I have thousands of comma separated .txt files with two columns, where one column has "wavelength" for the column name and the same wavelength values ("x" values) for all files, and the other column has the file name as the column name and response values (various observed "y" values).
If I read in a single file by readr, the format appears like this:
# A tibble: 2,151 x 2
Wavelength a1lm_00000.asd.ref.sco.txt ### [filename]
<dbl> <dbl>
1 350 0.0542
2 351 0.0661
3 352 0.0686
4 353 0.0608
5 354 0.0545
6 355 0.0589
7 356 0.0644
8 357 0.0587
9 358 0.0556
10 359 0.0519
...etc.
The end format I need is:
Filename "350" "351" "352" "353" etc.
a1lm_00000.asd.ref.sco.txt 0.0542 0.0661 0.0686 0.0608 etc.
a1lm_00001.asd.ref.sco.txt 0.0567 0.0680 0.0704 0.0627 etc.
...etc.
In other words, I need the first column as the file identifier, and each following column a spectral response with the associated spectral wavelength as the column name.

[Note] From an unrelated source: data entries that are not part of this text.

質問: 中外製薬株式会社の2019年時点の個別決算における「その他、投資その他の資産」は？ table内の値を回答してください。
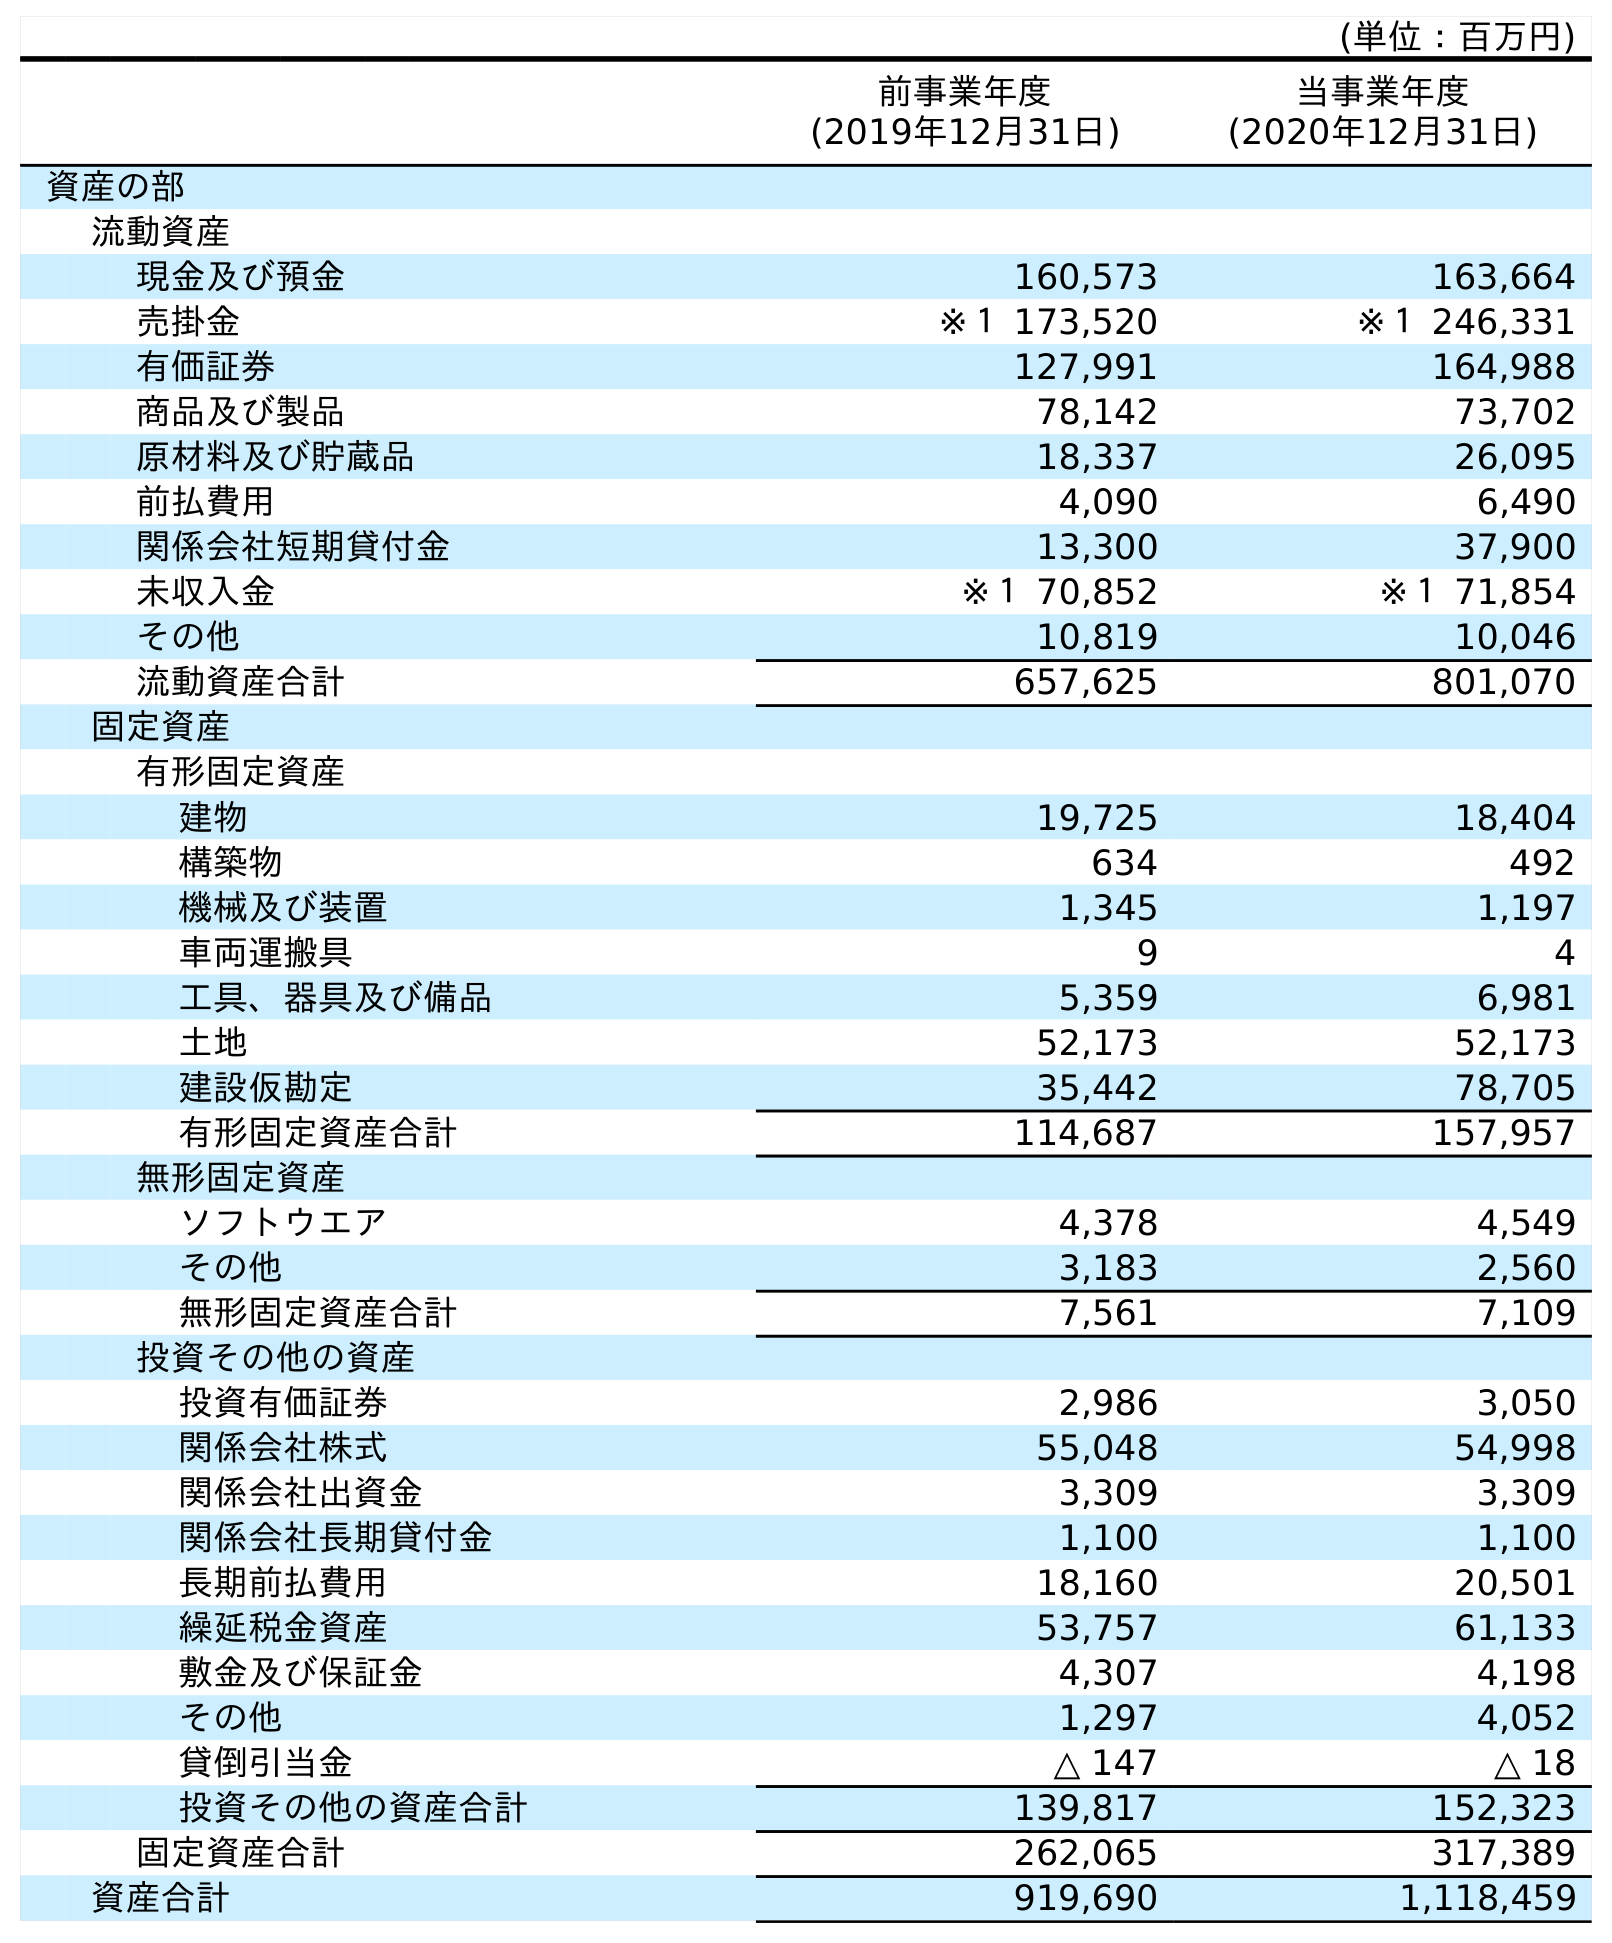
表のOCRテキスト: (単位：百万円) 前事業年度 (2019年12月31日) 当事業年度 (2020年12月31日) 資産の部 流動資産 現金及び預金 160,573 163,664 売掛金 ※１ 173,520 ※１ 246,331 有価証券 127,991 164,988 商品及び製品 78,142 73,702 原材料及び貯蔵品 18,337 26,095 前払費用 4,090 6,490 関係会社短期貸付金 13,300 37,900 未収入金 ※１ 70,852 ※１ 71,854 その他 10,819 10,046 流動資産合計 657,625 801,070 固定資産 有形固定資産 建物 19,725 18,404 構築物 634 492 機械及び装置 1,345 1,197 車両運搬具 9 4 工具、器具及び備品 5,359 6,981 土地 52,173 52,173 建設仮勘定 35,442 78,705 有形固定資産合計 114,687 157,957 無形固定資産 ソフトウエア 4,378 4,549 その他 3,183 2,560 無形固定資産合計 7,561 7,109 投資その他の資産 投資有価証券 2,986 3,050 関係会社株式 55,048 54,998 関係会社出資金 3,309 3,309 関係会社長期貸付金 1,100 1,100 長期前払費用 18,160 20,501 繰延税金資産 53,757 61,133 敷金及び保証金 4,307 4,198 その他 1,297 4,052 貸倒引当金 △ 147 △ 18 投資その他の資産合計 139,817 152,323 固定資産合計 262,065 317,389 資産合計 919,690 1,118,459
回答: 1,297
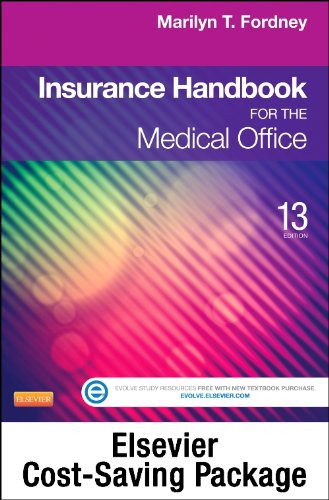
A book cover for Insurance Handbook for the Medical Office - Text and Workbook Package, 13e; Marilyn Fordney CMA-AC; Medical Books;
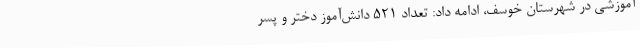
آموزشی در شهرستان خوسف، ادامه داد: تعداد 521 دانش‌آموز دختر و پسر
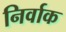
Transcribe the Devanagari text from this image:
निर्वाक
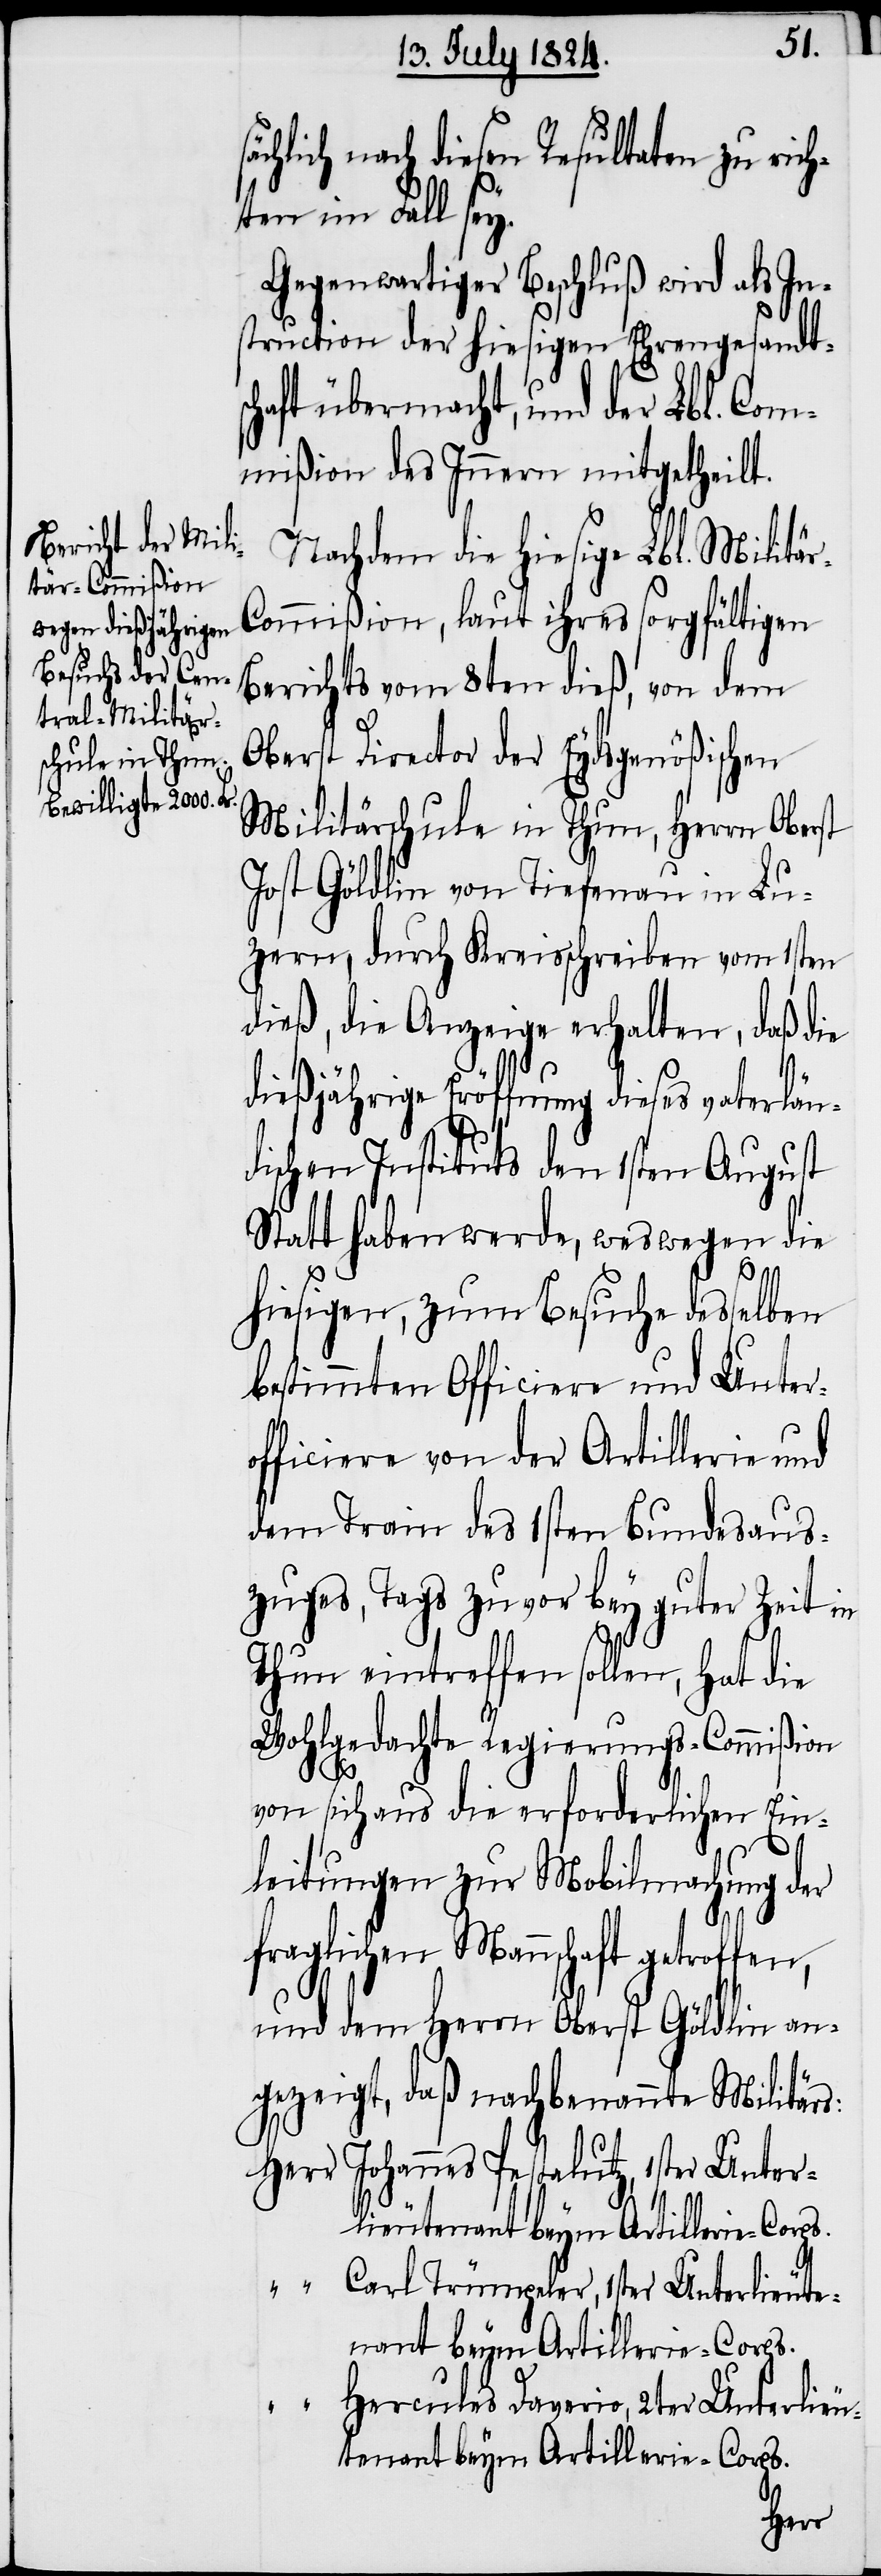
ätzlich nach diesen Resultaten zu err¬
ten im Fall sey.
Gegenwärtiger Beschluß wird als In¬
struction der hiesigen Ehrengesandts¬
chaft übermacht, und der Lbl. Com¬
mißion des Innern mitgetheilt.
Nachdem die hiesige Lbl. Militä¬
ommißion, laut ihres sorgfältigen
Berichts vom 8ten dieß, von dem
Oberst Director der Eydsgenößischen
Militärschule in Thun, Herrn Oberst
Jost Göldin von Tiefenau in Lu¬
zern, durch Kreisschreiben vom 1sten
dieß, die Anzeige erhalten, daß die
dießjährige Eröffnung dieses vater¬
dischen Instituts den 1sten August
Statt haben werde, weswegen die
“
hiesigen, zum Besuche desselben
bestimmten Officiere und Unter¬
officiere von der Artillerie und
dem Train des 1sten Bundesaus¬
zuges, Tags zuvor bey guter Zeit in
Thun eintreffen sollen, hat die
Wohlgedachte Regierungs-Commißion
von sich aus die erforderlichen Ein¬
leitungen zur Mobilmachung der
fraglichen Mannschaft getroffen,
r-C¬
und dem Herrn Oberst Göldin an¬
gezeigt, daß nachbenannte Militärs:
Herr Johannes Pestalutz, 1ster Unter¬
Carl Trümpeler, 1ster Unterlieute¬
nant beym Artillerie-Corps.
Hercules Daverio, 2ter Unterlieu¬
tenant beym Artillerie-Corps.
lieu¬
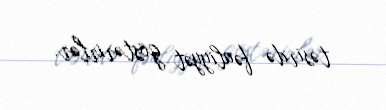
təsirdə fəaliyyət göstərirlər.

So, I need to read all these files in from a directory, and either:
a.) Create a third column that is the file name, make all second columns names something like "response", apply bind_rows to all files, then use "spread" in the tidyr package.
b.) Transpose each files as soon as it is read, in such a way that the first row becomes all column names, the second row column name is inserted into a first column for row identifiers by file name, and row bind these resulting rows.
Option b. seems preferable. Either options seems like I will need to use either lapply and possibly bind_rows or bind_cols. But I'm not sure how best to do so. There are a lot of data, and a few of the methods I've used have caused my machine to run out of memory, so the more memory-efficient I can make it the better.